**Exercise objective**
Only the lines from the top of the listing below to the line that has "The image shows 64" should be echoed, with both ends kept and pictures left out.

**Data listing**
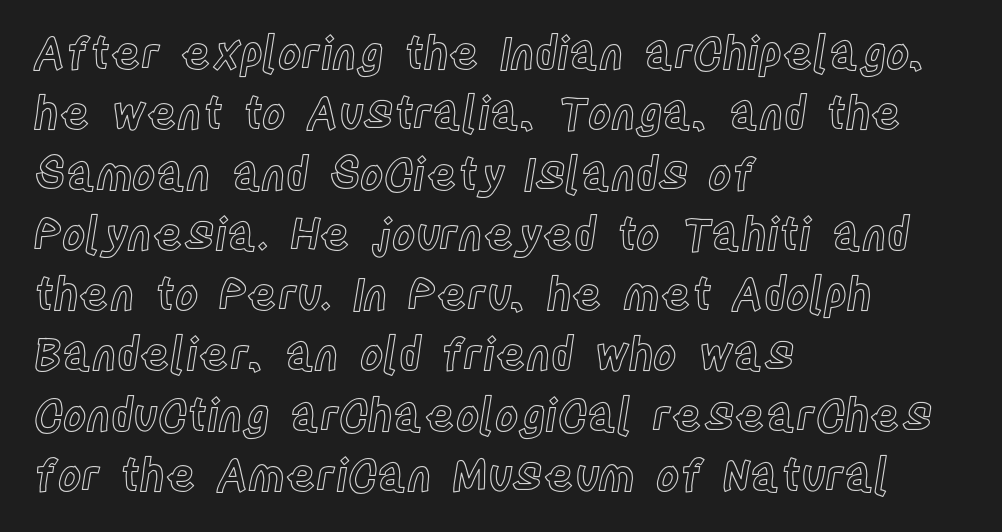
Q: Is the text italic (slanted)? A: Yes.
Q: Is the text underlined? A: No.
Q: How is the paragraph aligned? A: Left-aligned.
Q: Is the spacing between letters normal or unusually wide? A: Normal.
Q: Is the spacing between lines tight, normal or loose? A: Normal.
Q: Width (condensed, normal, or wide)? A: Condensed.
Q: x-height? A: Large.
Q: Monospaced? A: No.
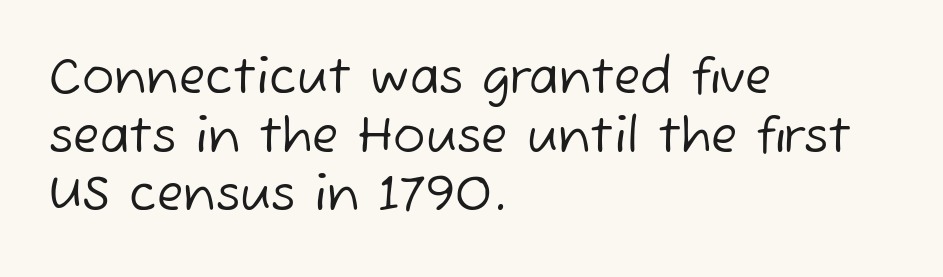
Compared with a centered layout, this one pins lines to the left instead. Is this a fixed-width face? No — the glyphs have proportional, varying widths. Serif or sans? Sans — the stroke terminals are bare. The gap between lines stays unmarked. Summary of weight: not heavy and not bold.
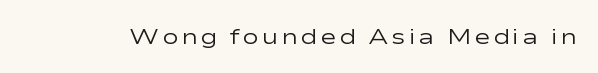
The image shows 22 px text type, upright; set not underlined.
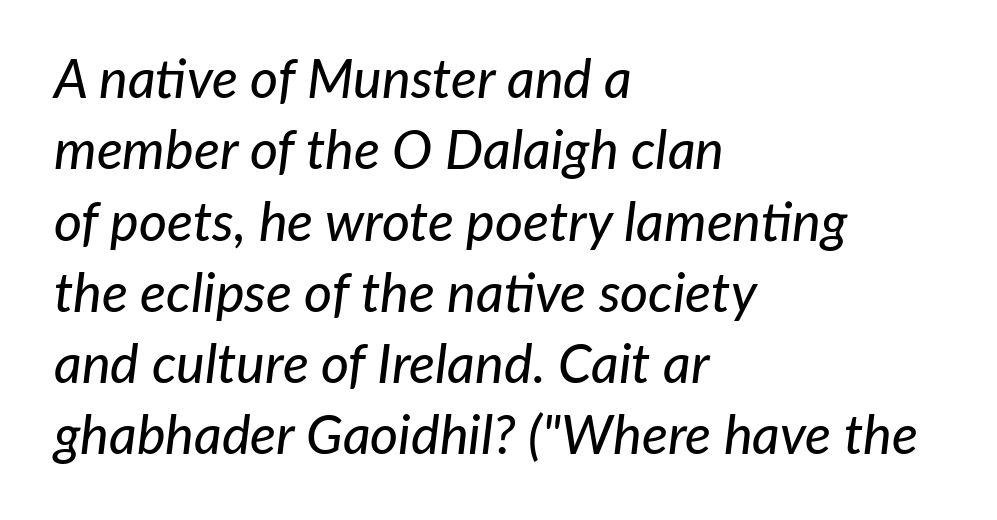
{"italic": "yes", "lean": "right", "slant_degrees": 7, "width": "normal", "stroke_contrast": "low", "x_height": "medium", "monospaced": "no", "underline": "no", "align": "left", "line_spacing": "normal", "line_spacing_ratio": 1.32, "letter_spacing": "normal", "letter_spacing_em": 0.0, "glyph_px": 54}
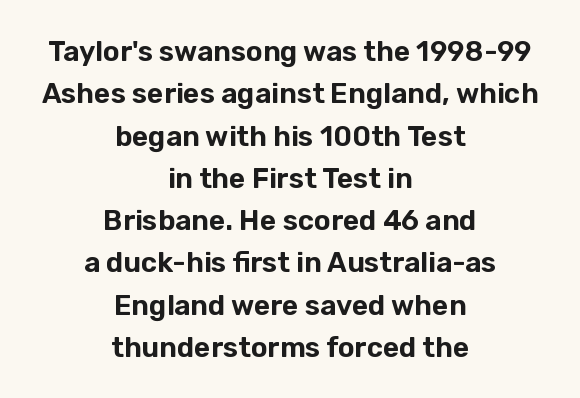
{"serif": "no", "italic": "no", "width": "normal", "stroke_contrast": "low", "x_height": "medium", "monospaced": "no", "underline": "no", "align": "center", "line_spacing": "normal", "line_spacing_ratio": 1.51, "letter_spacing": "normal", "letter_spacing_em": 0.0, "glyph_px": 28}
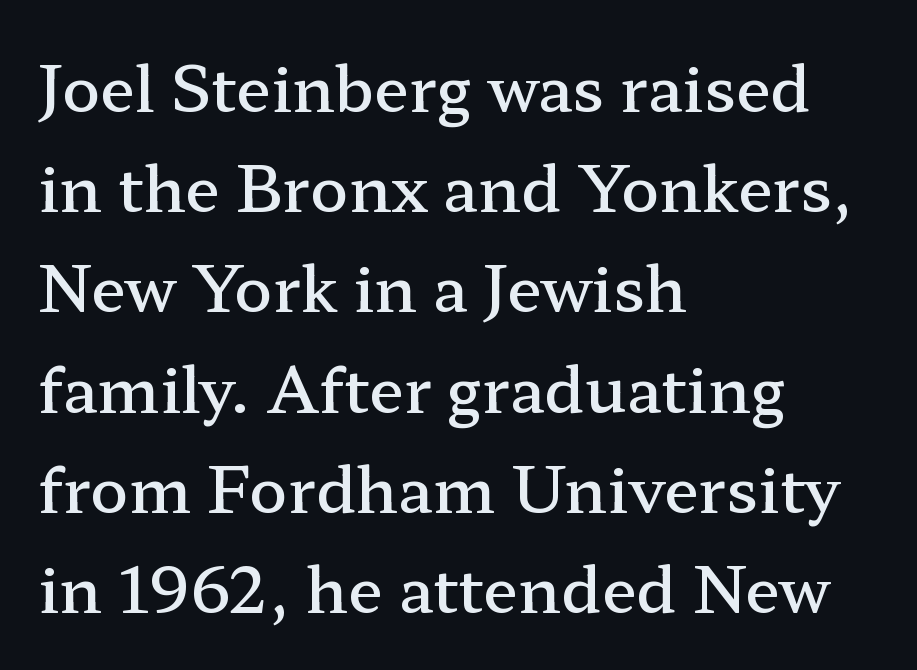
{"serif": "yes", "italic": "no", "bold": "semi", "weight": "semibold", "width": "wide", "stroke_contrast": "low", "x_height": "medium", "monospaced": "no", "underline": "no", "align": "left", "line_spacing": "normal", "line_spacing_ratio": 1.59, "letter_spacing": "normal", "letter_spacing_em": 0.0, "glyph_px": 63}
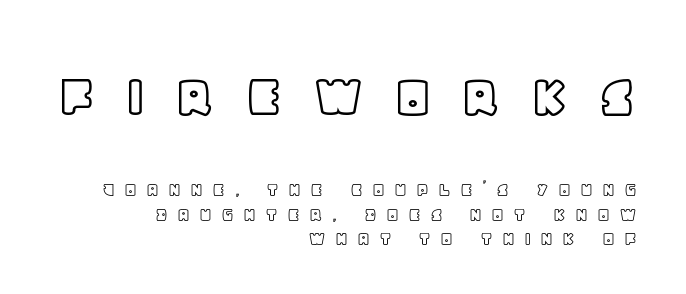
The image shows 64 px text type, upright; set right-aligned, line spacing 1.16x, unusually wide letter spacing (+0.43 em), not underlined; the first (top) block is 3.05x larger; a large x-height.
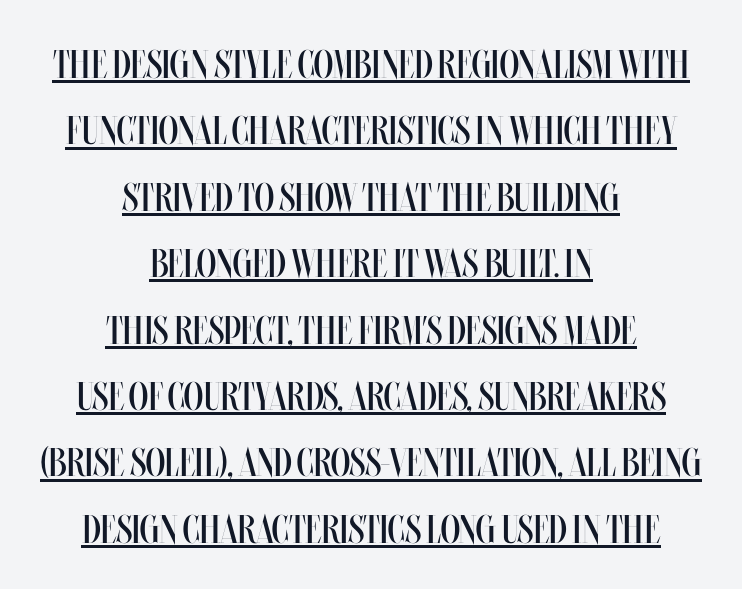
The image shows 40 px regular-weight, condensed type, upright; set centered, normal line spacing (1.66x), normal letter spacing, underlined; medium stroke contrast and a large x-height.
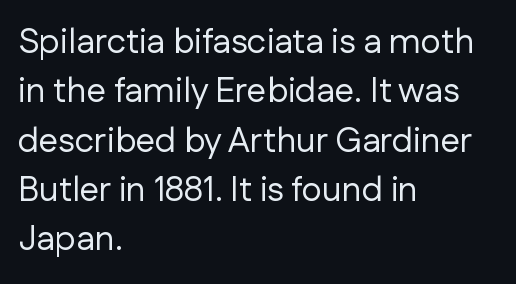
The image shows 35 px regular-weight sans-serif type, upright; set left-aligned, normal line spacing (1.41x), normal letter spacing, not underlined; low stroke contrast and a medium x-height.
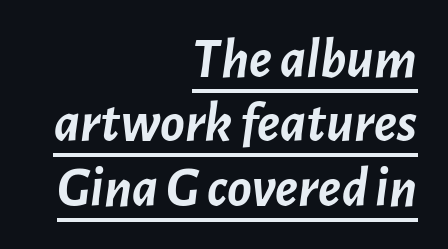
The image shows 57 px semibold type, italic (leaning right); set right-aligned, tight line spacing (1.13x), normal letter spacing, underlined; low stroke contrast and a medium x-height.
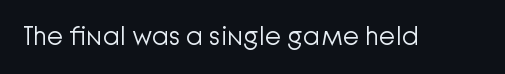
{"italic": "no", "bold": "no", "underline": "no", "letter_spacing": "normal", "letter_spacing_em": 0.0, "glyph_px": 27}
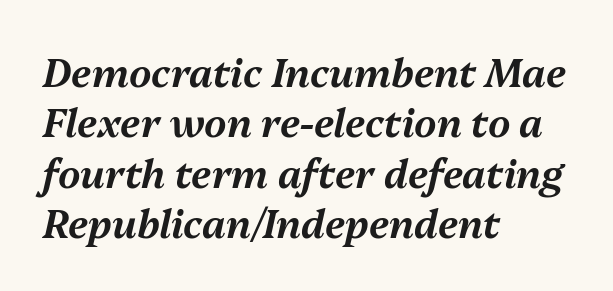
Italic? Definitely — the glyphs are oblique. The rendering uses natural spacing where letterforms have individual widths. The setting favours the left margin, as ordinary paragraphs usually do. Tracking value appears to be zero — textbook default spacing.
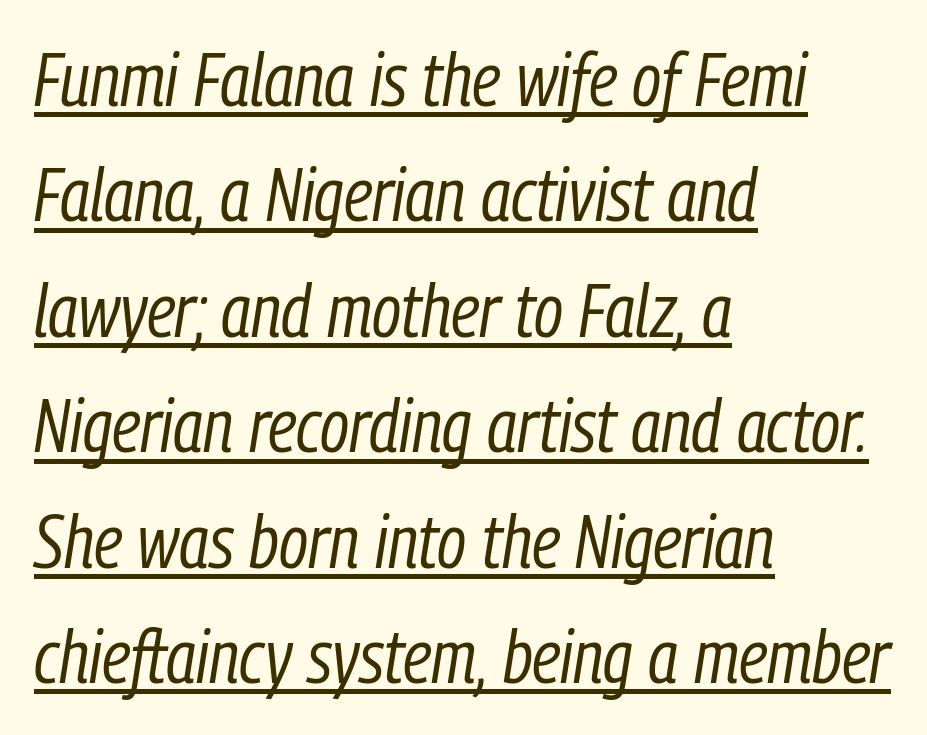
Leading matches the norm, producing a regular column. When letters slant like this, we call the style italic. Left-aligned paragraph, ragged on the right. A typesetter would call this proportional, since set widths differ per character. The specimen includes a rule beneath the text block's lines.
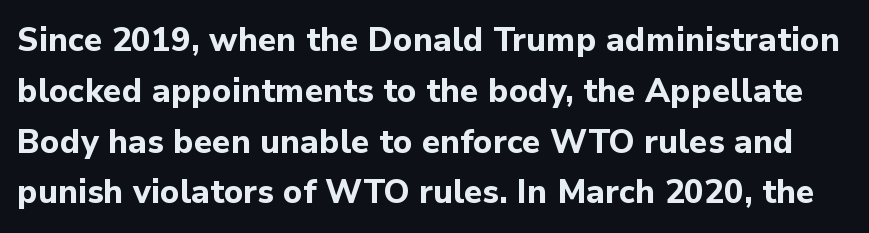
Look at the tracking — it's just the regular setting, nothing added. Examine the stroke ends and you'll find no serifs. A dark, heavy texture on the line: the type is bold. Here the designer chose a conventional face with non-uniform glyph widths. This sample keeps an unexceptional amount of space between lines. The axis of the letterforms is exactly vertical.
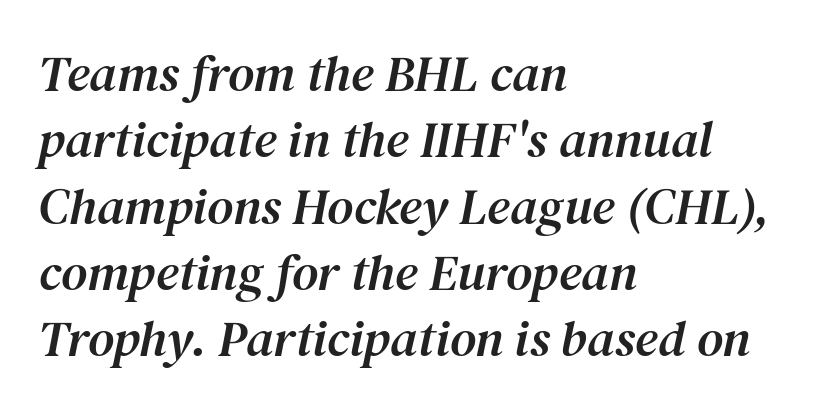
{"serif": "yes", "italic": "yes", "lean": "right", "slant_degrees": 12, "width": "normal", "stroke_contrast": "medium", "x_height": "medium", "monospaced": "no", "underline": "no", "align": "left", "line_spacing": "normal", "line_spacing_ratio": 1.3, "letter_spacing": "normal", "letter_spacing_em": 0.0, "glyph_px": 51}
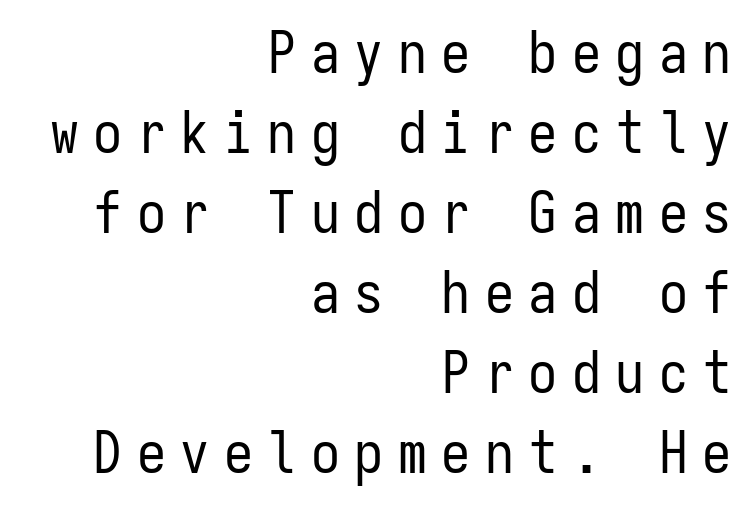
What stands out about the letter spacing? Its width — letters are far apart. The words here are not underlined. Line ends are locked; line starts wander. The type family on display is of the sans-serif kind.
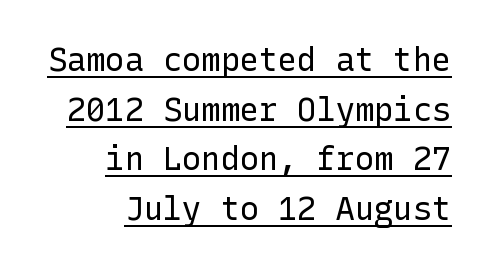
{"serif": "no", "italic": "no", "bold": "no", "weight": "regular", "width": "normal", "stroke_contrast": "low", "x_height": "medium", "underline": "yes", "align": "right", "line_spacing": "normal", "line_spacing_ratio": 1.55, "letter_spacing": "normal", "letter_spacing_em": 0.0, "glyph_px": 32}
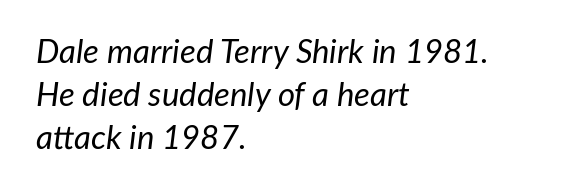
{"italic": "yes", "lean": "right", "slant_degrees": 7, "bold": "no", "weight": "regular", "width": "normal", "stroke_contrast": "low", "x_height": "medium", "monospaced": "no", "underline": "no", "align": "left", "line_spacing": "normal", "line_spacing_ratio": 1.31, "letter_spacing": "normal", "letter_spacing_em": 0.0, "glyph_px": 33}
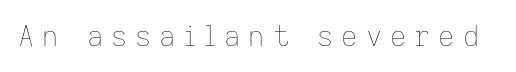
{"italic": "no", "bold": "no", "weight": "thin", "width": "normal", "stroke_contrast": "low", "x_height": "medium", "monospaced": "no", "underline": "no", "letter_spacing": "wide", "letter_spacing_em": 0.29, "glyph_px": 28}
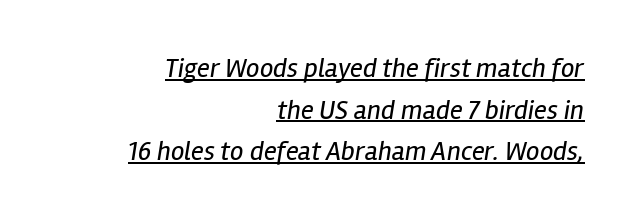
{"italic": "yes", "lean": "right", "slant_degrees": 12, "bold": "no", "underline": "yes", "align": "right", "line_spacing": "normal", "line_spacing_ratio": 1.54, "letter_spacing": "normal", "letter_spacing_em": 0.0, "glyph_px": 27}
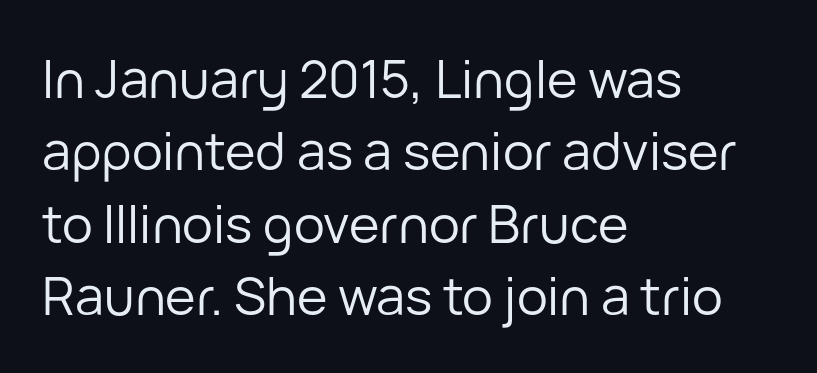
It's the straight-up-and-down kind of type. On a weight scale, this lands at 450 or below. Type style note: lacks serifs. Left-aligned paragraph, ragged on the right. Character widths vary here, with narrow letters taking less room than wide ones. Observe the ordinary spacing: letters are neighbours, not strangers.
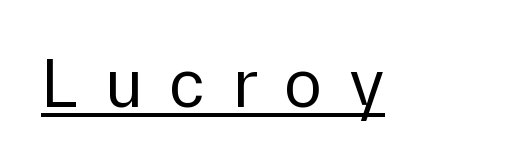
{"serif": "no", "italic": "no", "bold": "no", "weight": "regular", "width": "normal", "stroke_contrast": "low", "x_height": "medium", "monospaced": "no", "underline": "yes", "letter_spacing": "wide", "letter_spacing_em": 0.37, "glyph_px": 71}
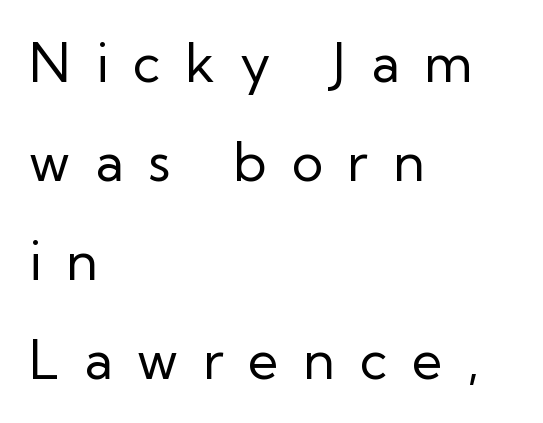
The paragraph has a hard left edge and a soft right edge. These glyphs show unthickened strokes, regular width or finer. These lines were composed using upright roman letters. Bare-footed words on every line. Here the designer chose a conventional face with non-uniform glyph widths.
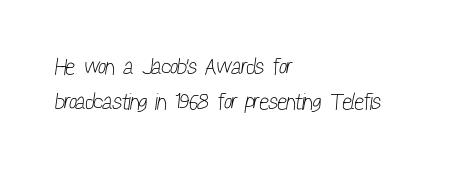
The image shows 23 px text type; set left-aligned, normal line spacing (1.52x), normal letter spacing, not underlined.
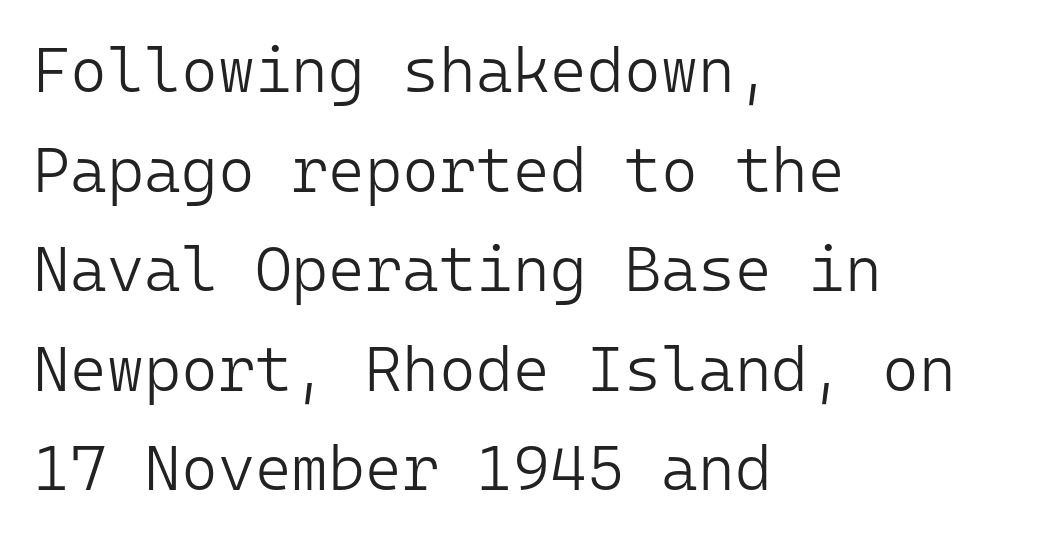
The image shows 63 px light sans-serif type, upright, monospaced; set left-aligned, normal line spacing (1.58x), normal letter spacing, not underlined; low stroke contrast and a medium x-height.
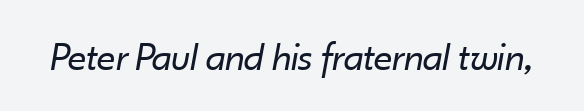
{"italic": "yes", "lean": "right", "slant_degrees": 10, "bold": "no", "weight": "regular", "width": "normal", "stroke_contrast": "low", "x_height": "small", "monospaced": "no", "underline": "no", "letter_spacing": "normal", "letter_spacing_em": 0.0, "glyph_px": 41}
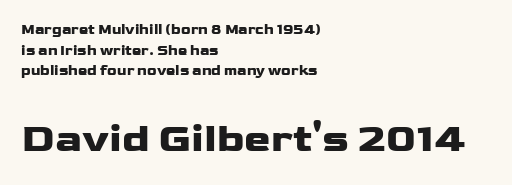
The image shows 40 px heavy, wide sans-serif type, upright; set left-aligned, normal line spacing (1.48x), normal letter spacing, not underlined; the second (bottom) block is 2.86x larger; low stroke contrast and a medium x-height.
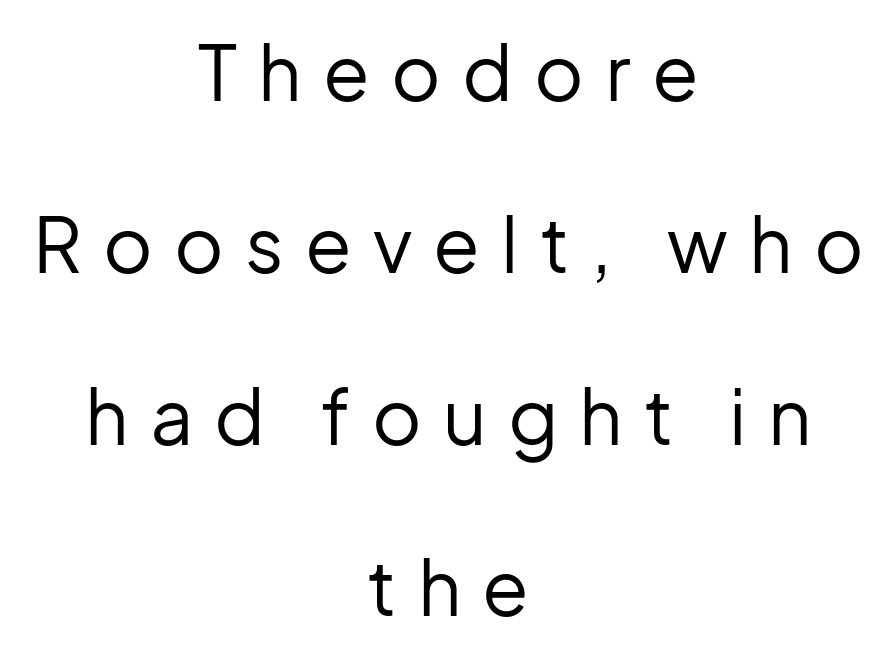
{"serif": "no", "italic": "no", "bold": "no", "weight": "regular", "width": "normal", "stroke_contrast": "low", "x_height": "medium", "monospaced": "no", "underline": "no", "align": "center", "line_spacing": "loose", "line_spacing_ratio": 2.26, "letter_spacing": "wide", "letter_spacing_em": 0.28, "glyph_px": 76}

**Result of the task**
Q: Is the text italic (slanted)? A: Yes.
Q: Is the text underlined? A: No.
Q: How is the paragraph aligned? A: Left-aligned.
Q: Is the spacing between letters normal or unusually wide? A: Normal.
Q: Is the spacing between lines tight, normal or loose? A: Normal.
Q: Width (condensed, normal, or wide)? A: Condensed.
Q: x-height? A: Large.
Q: Monospaced? A: No.
Compared with a centered layout, this one pins lines to the left instead. Is this a fixed-width face? No — the glyphs have proportional, varying widths. Serif or sans? Sans — the stroke terminals are bare. The gap between lines stays unmarked. Summary of weight: not heavy and not bold.
The image shows 22 px text type, upright; set not underlined.
{"italic": "yes", "lean": "right", "slant_degrees": 7, "width": "normal", "stroke_contrast": "low", "x_height": "medium", "monospaced": "no", "underline": "no", "align": "left", "line_spacing": "normal", "line_spacing_ratio": 1.32, "letter_spacing": "normal", "letter_spacing_em": 0.0, "glyph_px": 54}
{"serif": "no", "italic": "no", "width": "normal", "stroke_contrast": "low", "x_height": "medium", "monospaced": "no", "underline": "no", "align": "center", "line_spacing": "normal", "line_spacing_ratio": 1.51, "letter_spacing": "normal", "letter_spacing_em": 0.0, "glyph_px": 28}
{"serif": "yes", "italic": "no", "bold": "semi", "weight": "semibold", "width": "wide", "stroke_contrast": "low", "x_height": "medium", "monospaced": "no", "underline": "no", "align": "left", "line_spacing": "normal", "line_spacing_ratio": 1.59, "letter_spacing": "normal", "letter_spacing_em": 0.0, "glyph_px": 63}
The image shows 64 px text type, upright; set right-aligned, line spacing 1.16x, unusually wide letter spacing (+0.43 em), not underlined; the first (top) block is 3.05x larger; a large x-height.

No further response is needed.